[Records from a data collection]
------------------------------------

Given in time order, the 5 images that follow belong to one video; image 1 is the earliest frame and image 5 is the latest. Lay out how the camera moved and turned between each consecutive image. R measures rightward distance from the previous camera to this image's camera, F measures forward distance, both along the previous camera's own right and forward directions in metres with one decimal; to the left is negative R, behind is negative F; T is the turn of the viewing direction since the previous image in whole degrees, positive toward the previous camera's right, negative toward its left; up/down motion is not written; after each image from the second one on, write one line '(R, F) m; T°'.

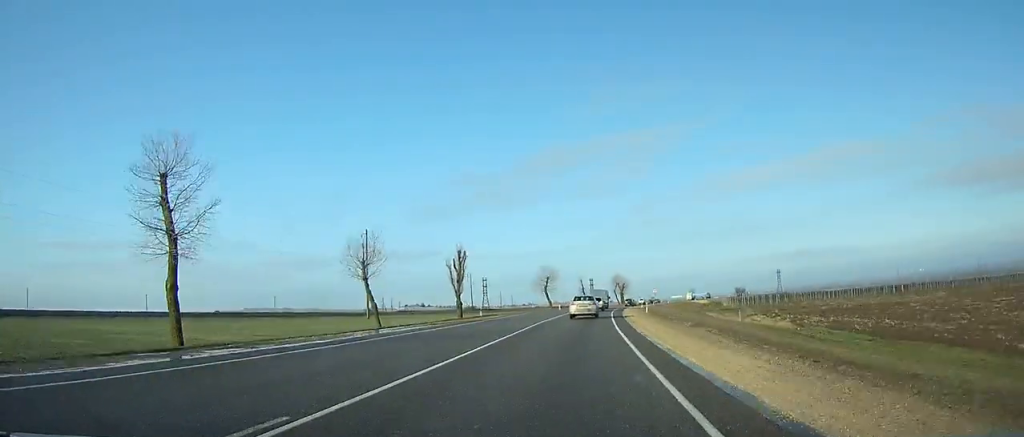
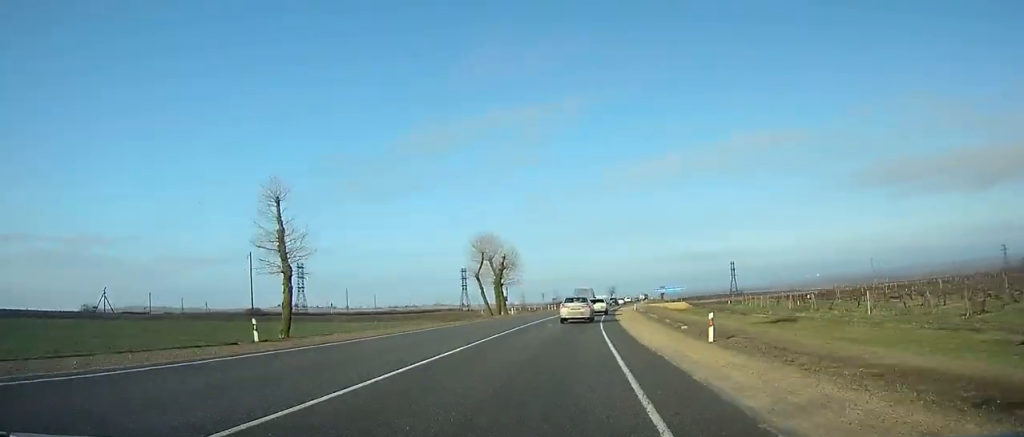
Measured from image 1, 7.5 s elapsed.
(+10.2, +125.4) m; +10°
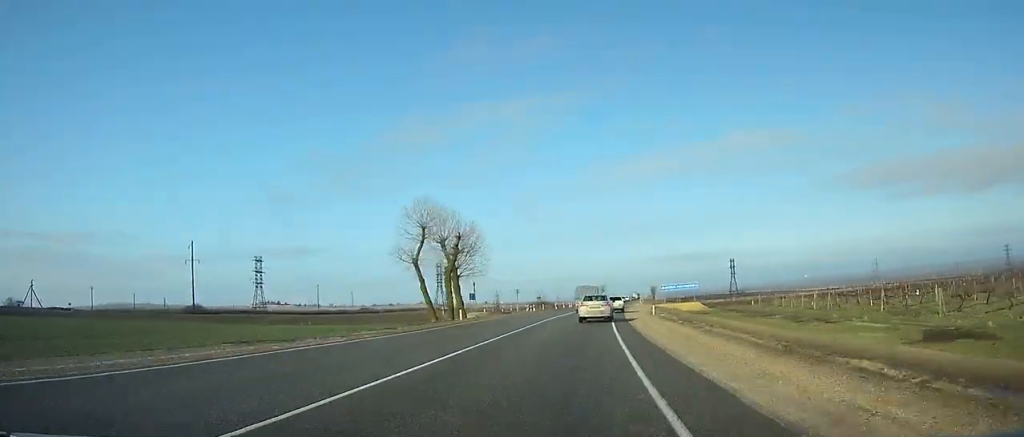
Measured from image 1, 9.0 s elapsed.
(+0.4, +22.6) m; +2°
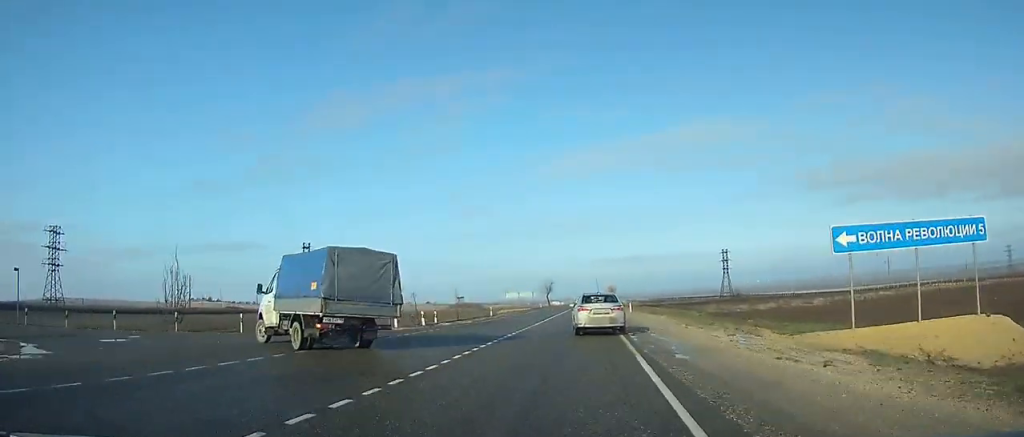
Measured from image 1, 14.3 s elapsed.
(+3.4, +74.5) m; +4°
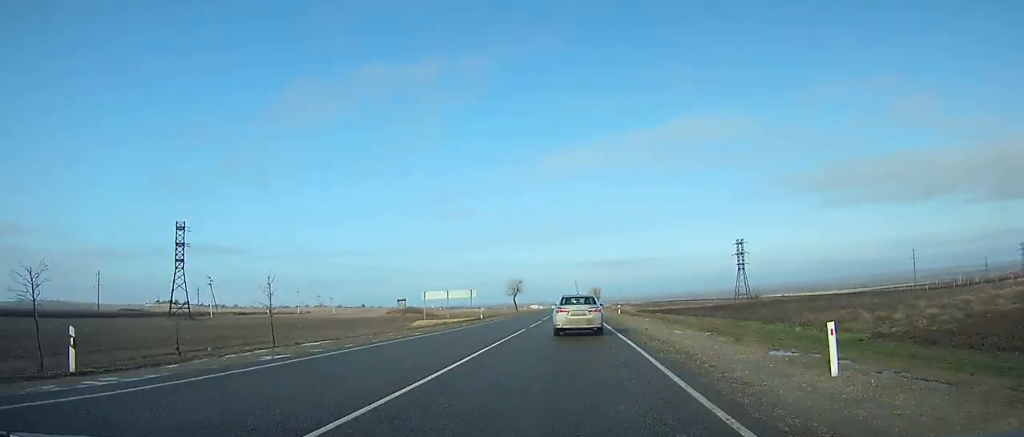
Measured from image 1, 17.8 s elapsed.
(+0.2, +47.6) m; 0°

------------------------------------

Leave out the images and copy all remaining data word for word.

__COMPLETED TASK__.
Given in time order, the 5 images that follow belong to one video; image 1 is the earliest frame and image 5 is the latest. Lay out how the camera moved and turned between each consecutive image. R measures rightward distance from the previous camera to this image's camera, F measures forward distance, both along the previous camera's own right and forward directions in metres with one decimal; to the left is negative R, behind is negative F; T is the turn of the viewing direction since the previous image in whole degrees, positive toward the previous camera's right, negative toward its left; up/down motion is not written; after each image from the second one on, write one line '(R, F) m; T°'.

Measured from image 1, 7.5 s elapsed.
(+10.2, +125.4) m; +10°
Measured from image 1, 9.0 s elapsed.
(+0.4, +22.6) m; +2°
Measured from image 1, 14.3 s elapsed.
(+3.4, +74.5) m; +4°
Measured from image 1, 17.8 s elapsed.
(+0.2, +47.6) m; 0°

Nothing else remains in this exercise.